1. Odd-length palindrome
2. Even-length palindrome

An even-length palindrome has two halves. The second half is just the reverse of the first. Out of “5432112345”, the first half is 54321; the second half is 12345.

An odd-length palindrome has three parts; a first half, a central character, and the reverse of the first half. Out of “aibohphobia”, the first half is aiboh, the central character is p, and the reverse of the first half is hobia. (Aibohphobia is the fear of palindromes).

So, how does a recursive palindrome algorithm look? First off, I want to show you the initial version of a “recursive palindrome” method that I wrote while learning about this topic. Then, I want to show you a more efficient version of this method that was shown to me via Stack Exchange’s Code Review community.
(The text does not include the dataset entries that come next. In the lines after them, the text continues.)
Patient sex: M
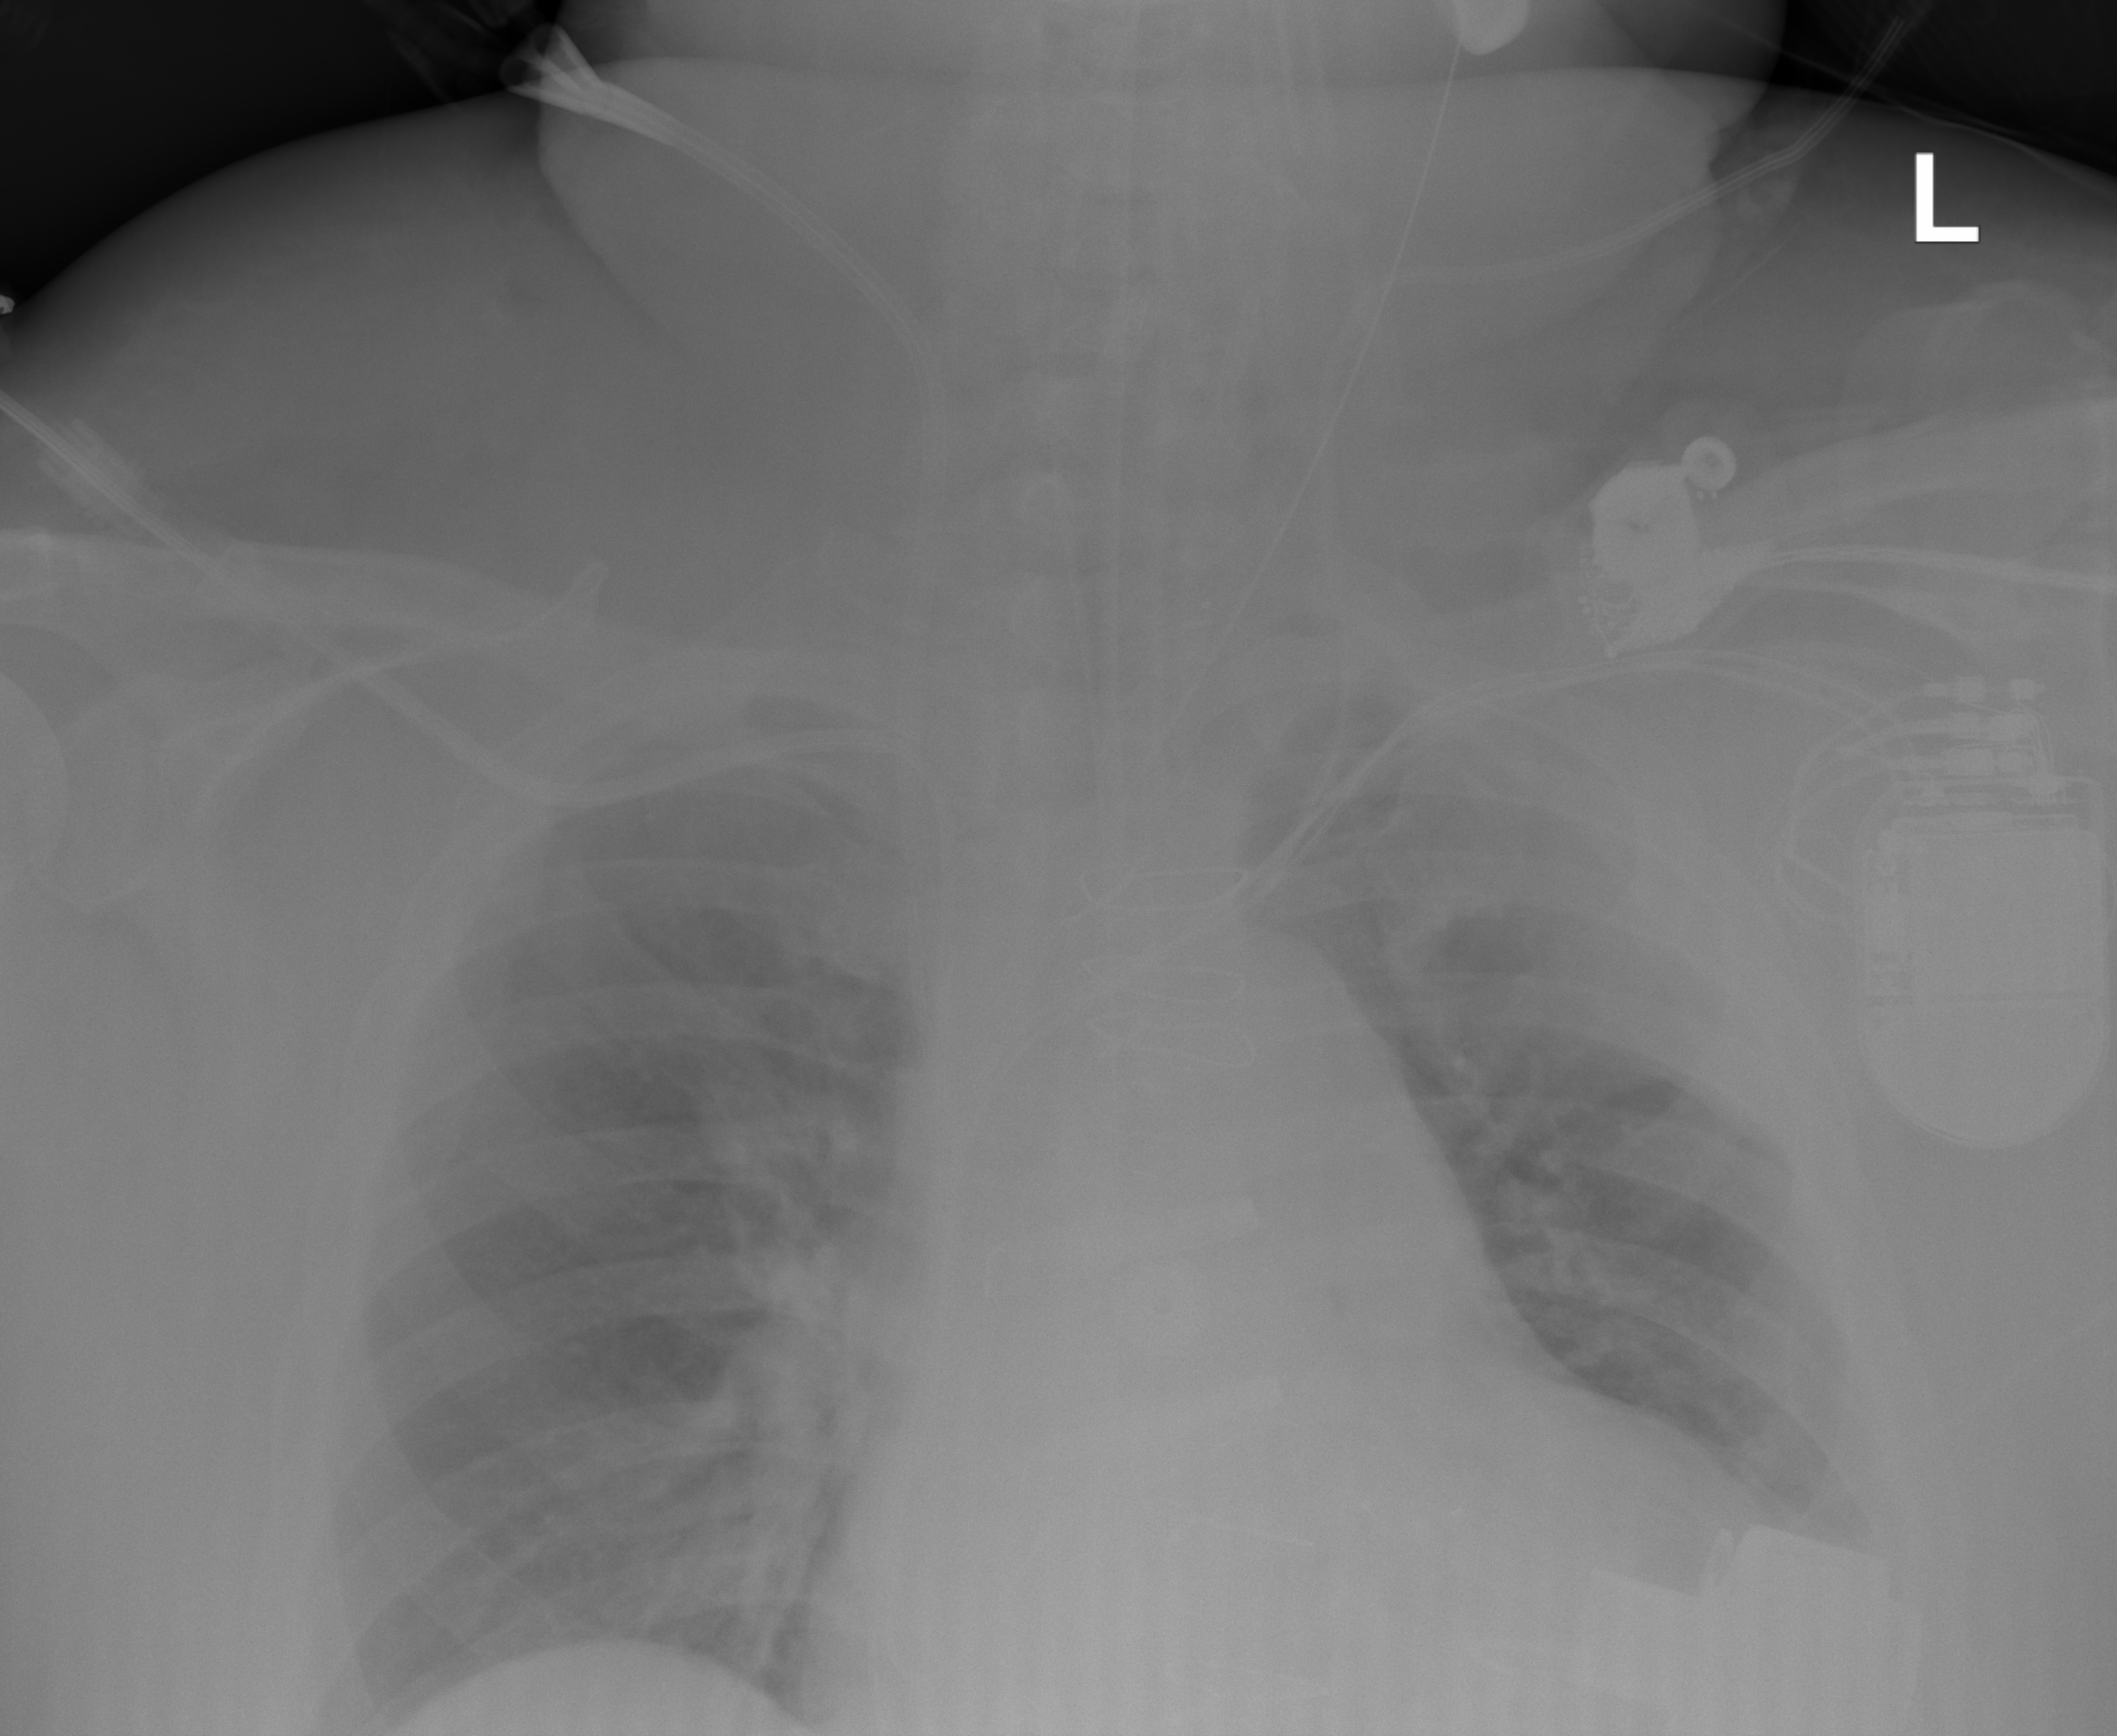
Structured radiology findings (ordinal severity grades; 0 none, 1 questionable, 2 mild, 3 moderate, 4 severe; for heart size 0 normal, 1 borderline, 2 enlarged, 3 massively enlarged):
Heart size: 2
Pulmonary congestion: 2
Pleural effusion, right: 0
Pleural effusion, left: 0
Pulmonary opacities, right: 0
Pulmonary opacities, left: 0
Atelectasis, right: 2
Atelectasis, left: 2
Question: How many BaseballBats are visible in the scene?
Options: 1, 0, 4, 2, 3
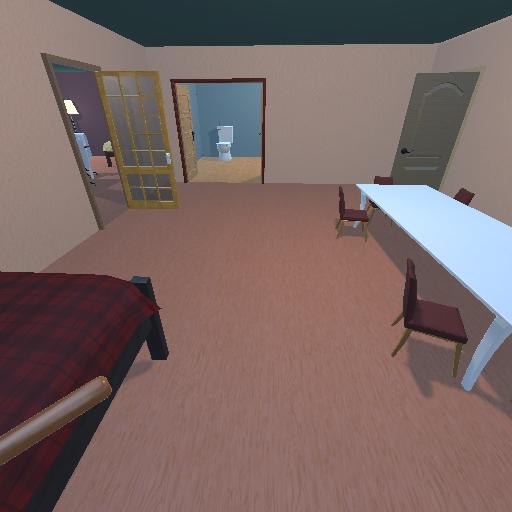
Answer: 1
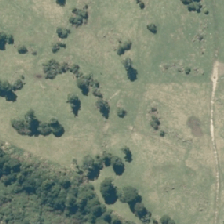
Land cover: high_producing_grassland
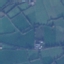
Label: Pasture
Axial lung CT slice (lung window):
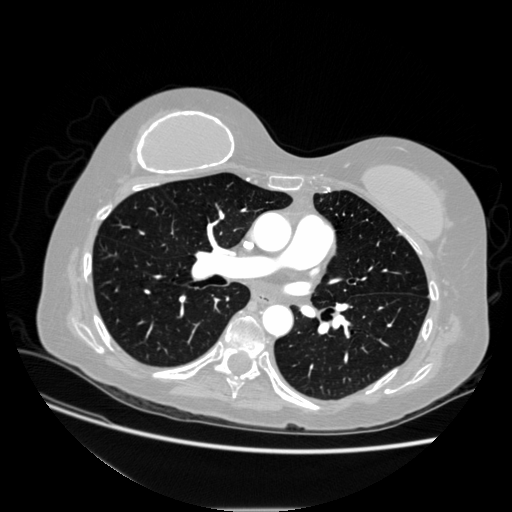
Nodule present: no
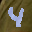
Label: 4
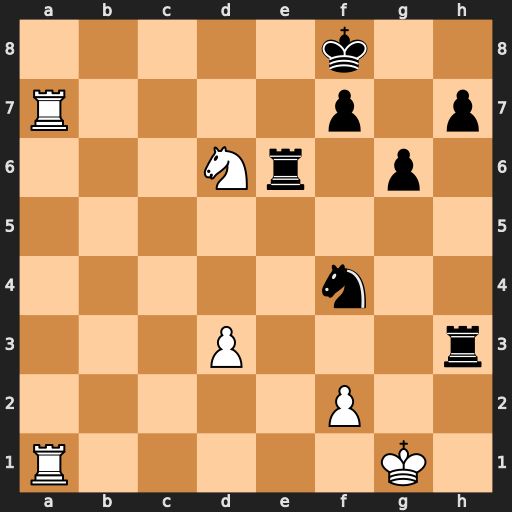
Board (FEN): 5k2/R4p1p/3Nr1p1/8/5n2/3P3r/5P2/R5K1
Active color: w
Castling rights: -
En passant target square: -
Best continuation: Rxf7+ Kg8 Ra8+ Re8 Rxe8#
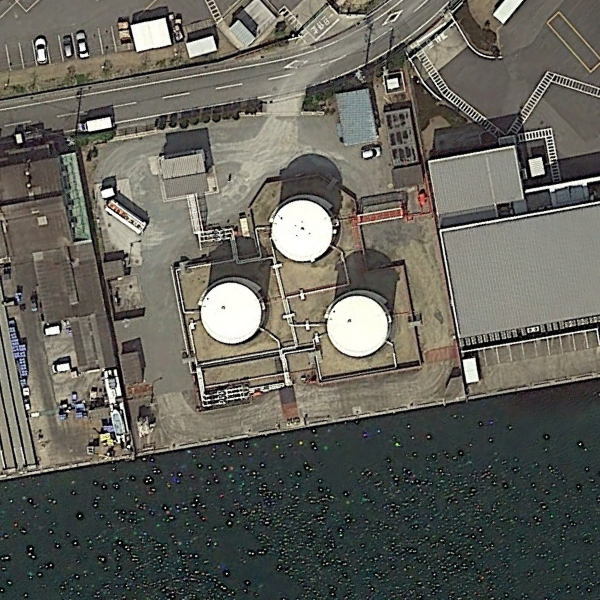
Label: StorageTanks
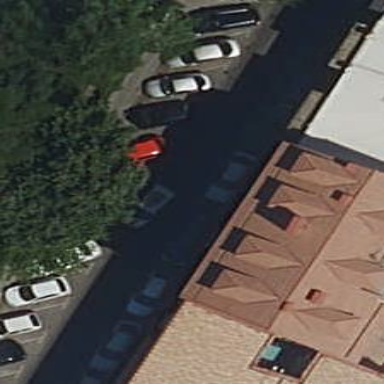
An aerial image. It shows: Parking lane area.
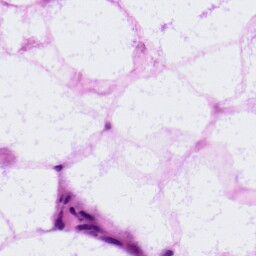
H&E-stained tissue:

When writing recursive methods, it’s good to have a ‘base case.’ This is a case where the method can be evaluated without recursion. Remember that recursion is the act of solving a problem, by solving smaller instances of the same problem, unless the problem is so small that we don’t need to solve it with recursion; a.k.a — we can solve it directly. The base case is where we solve it directly.

# A Recursive Palindrome Method in JavaScript

What does the method need to do in order to work correctly?

1. Have a base case that checks if the length of the string is zero or one. If it is, return true, as empty strings and strings with one character are inherently palindromes.
2. If the length of the string is greater than zero or one, obtain the first and last character of the string and compare them to each other. If you compare them to each other and they are not equal to each other, then the string is not a palindrome.
3. If the first and last characters are equal to each other, the string has a chance of being a palindrome. If this is the case, run the method within itself, using recursion to traverse through the string until it eventually returns true or false.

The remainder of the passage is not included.